Distribution plot of the residuals
The output shows that negative residuals are resulting from actual values that are too high for the dataset hence affecting the model. This may be due to outliers that may be from mistyping by retailers on the pigiame site.
Accuracy.The accuracy of our model on the test data is approximately 96% which is good.
# Checking the accuracy. reg.score(x_test,y_test)
On the question of whether this model is good, I would say it is because the accuracy on the train data by the model is approximately 95.24% and 95.87% on the test data. This shows that the model performs well on trained and new data hence it can be trusted when predicting the price of a tv based on inches and brand.
However, the model is still improvable through:
- Outlier removal. From the Graph above, we can high value negative residuals. This means that there are actual values that are too high and need to be inspected further for clarity.
- Feature engineering can be used to determine 4k and non-4k TVs. Intuitively, this would lead to the pricing of TVs differently.
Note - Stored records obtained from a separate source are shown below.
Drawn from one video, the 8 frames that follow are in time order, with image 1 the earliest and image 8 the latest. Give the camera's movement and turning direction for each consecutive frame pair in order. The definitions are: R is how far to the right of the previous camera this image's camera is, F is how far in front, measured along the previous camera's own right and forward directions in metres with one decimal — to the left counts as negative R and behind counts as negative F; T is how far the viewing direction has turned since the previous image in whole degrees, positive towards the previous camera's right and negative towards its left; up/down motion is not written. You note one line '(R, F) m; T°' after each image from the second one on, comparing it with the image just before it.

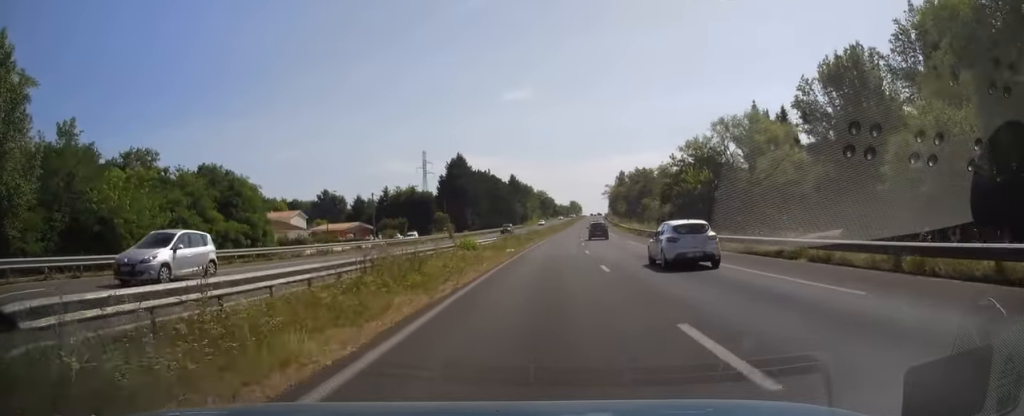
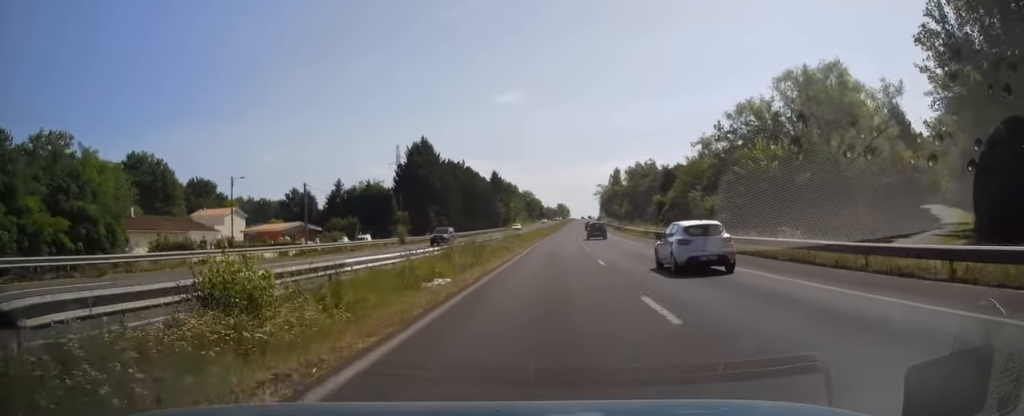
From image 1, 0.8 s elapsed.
(+0.3, +22.5) m; +2°
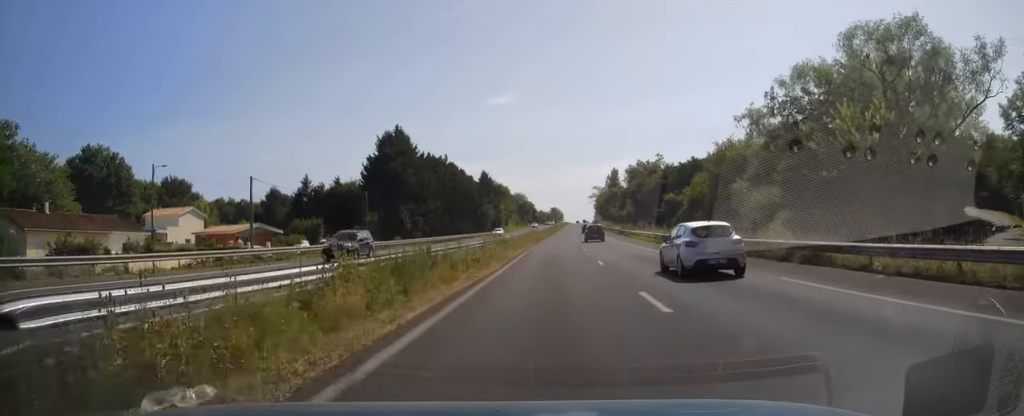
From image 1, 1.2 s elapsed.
(+0.2, +12.2) m; +1°
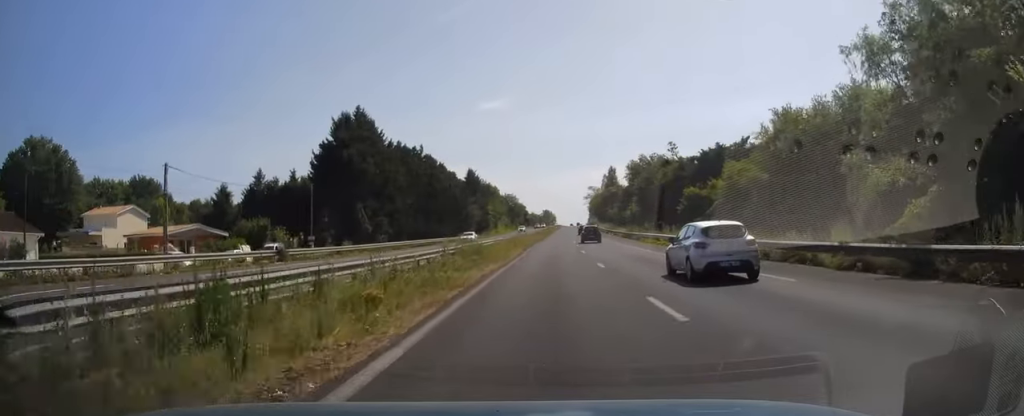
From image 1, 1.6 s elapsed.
(+0.1, +13.7) m; 0°
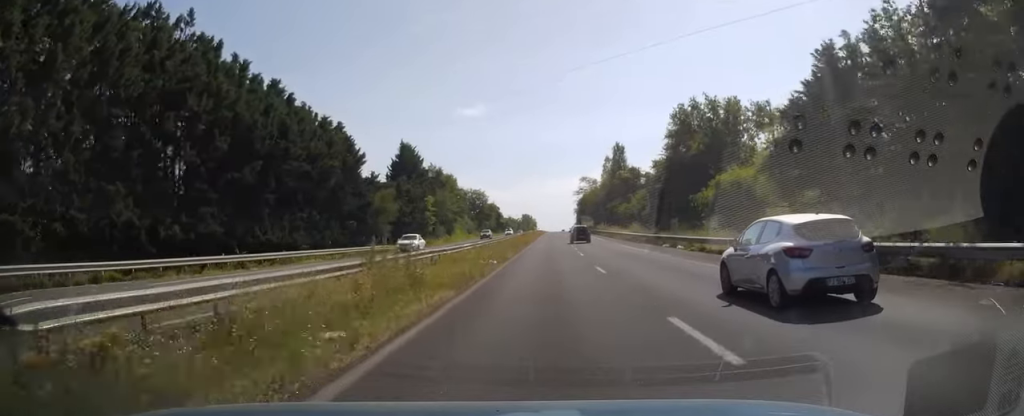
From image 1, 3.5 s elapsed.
(+0.2, +54.7) m; +2°
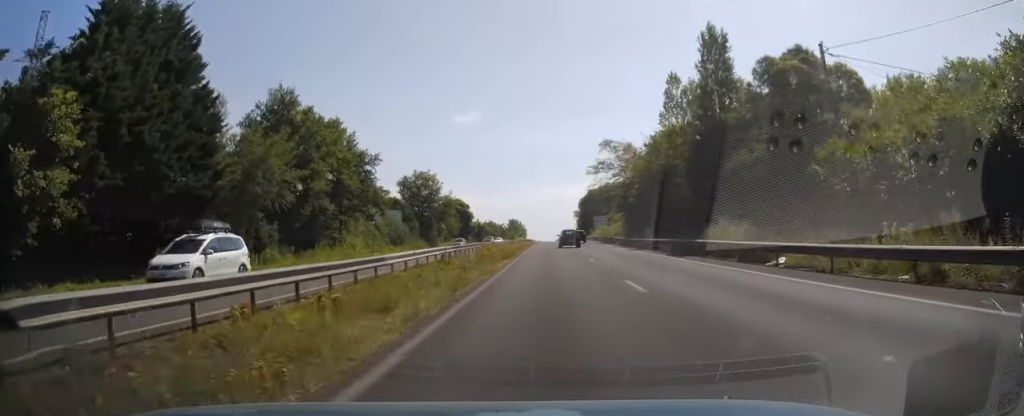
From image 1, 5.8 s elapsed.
(+1.3, +70.5) m; +1°
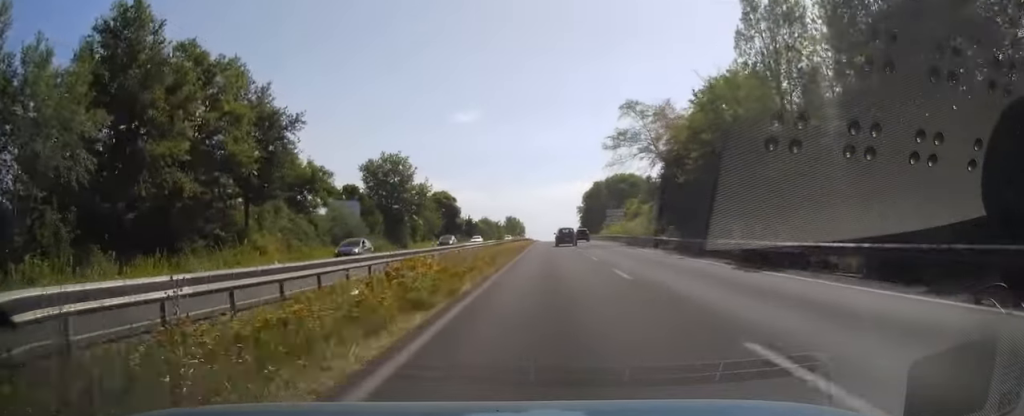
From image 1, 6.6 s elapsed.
(+0.2, +23.1) m; 0°
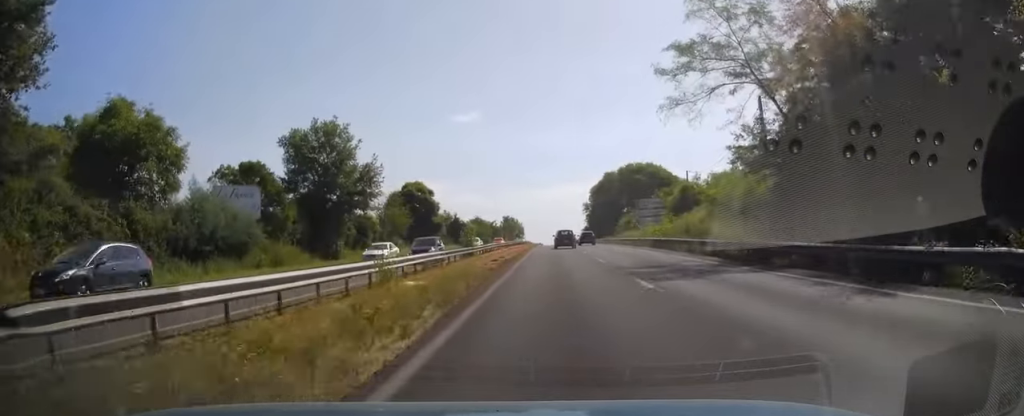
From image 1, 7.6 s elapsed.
(0.0, +29.0) m; 0°

- Reducing the number of factors/ unique variables in the column ‘brand’. This can be done by only letting the popular brands stand alone with the rest of the less frequent brands clumped under 'other'.
In conclusion, the average salary of a Kenyan, from different online sources, ranges between 29,467 KES to 140,035 KES. In this case, being that the cheapest smart screen tv from our model's y-axis parameter is 31,391KES, we can make a general conclusion to the question in part 1 that a greater number families in Kenya can afford a smart flat-screen TV.